- **TASK ITEM**
Every record, apart from its pictures, should be repeated exactly.
******
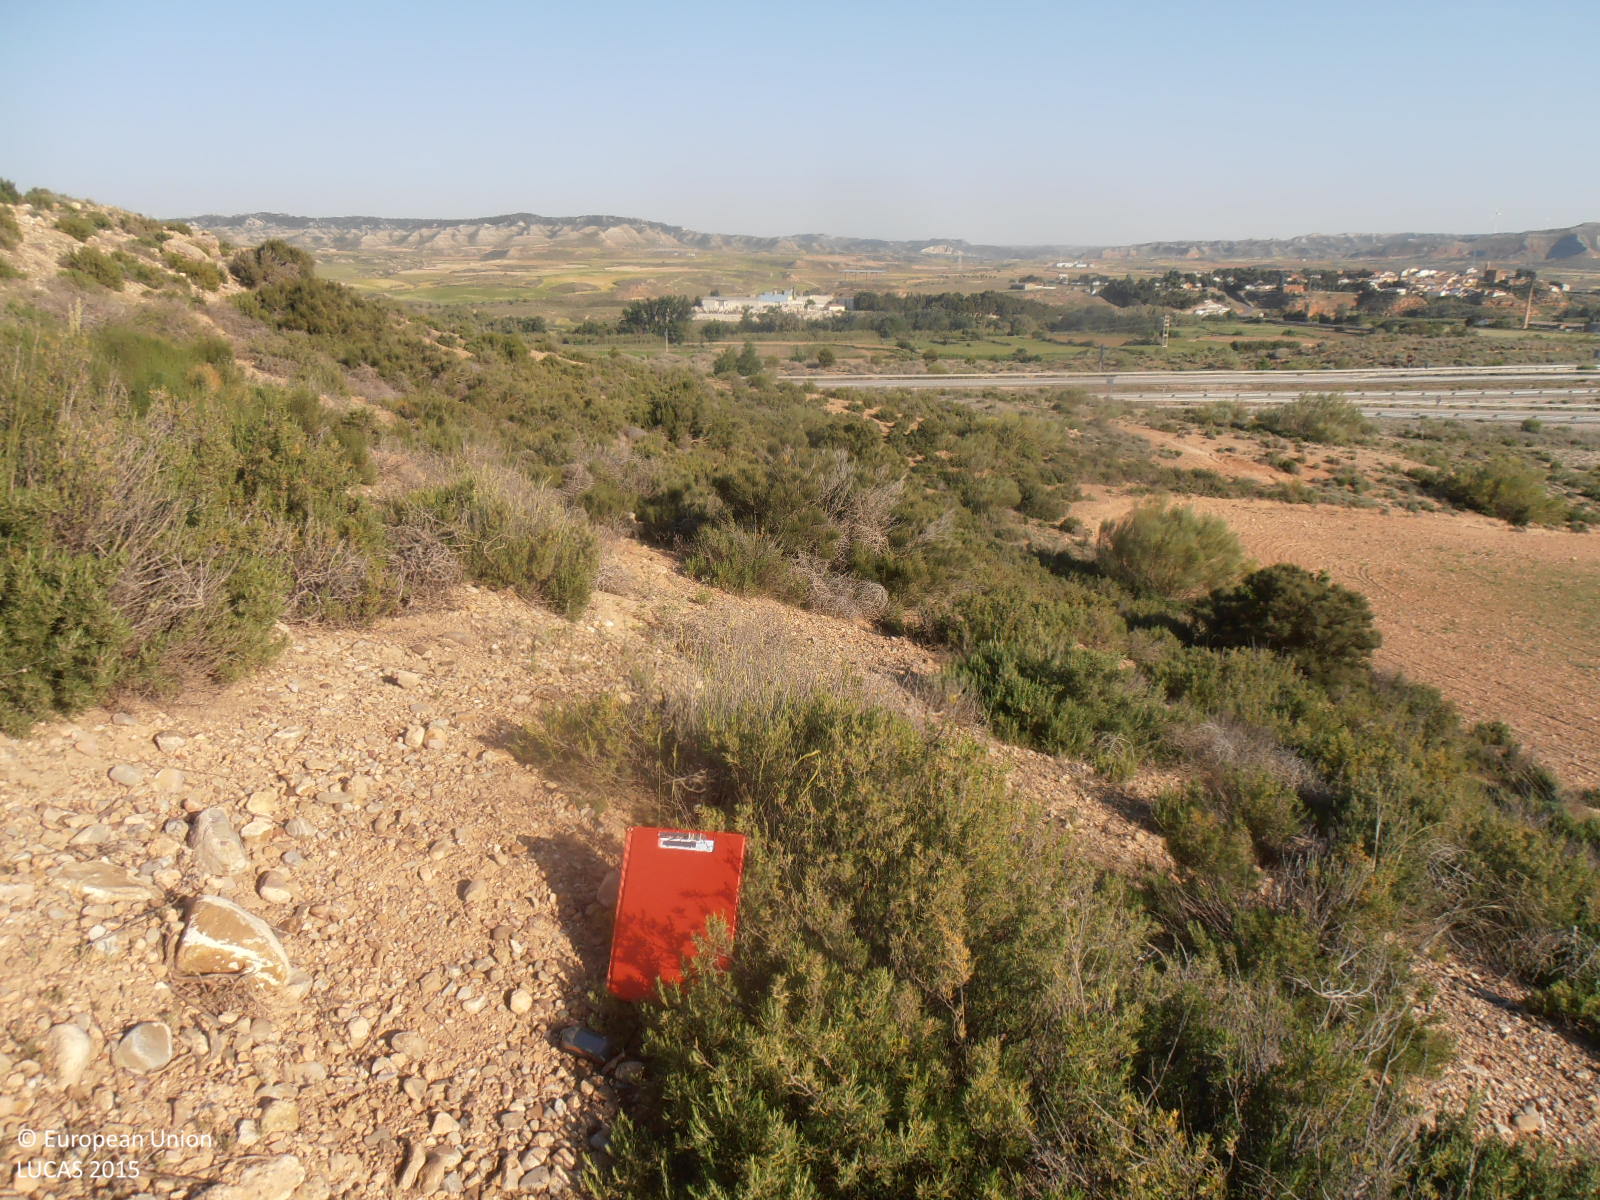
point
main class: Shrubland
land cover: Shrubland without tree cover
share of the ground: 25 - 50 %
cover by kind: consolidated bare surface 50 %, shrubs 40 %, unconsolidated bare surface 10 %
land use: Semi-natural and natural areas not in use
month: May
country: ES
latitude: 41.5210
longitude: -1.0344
******
- **TASK SOLUTION**
point
main class: Shrubland
land cover: Shrubland without tree cover
share of the ground: 25 - 50 %
cover by kind: consolidated bare surface 50 %, shrubs 40 %, unconsolidated bare surface 10 %
land use: Semi-natural and natural areas not in use
month: May
country: ES
latitude: 41.5210
longitude: -1.0344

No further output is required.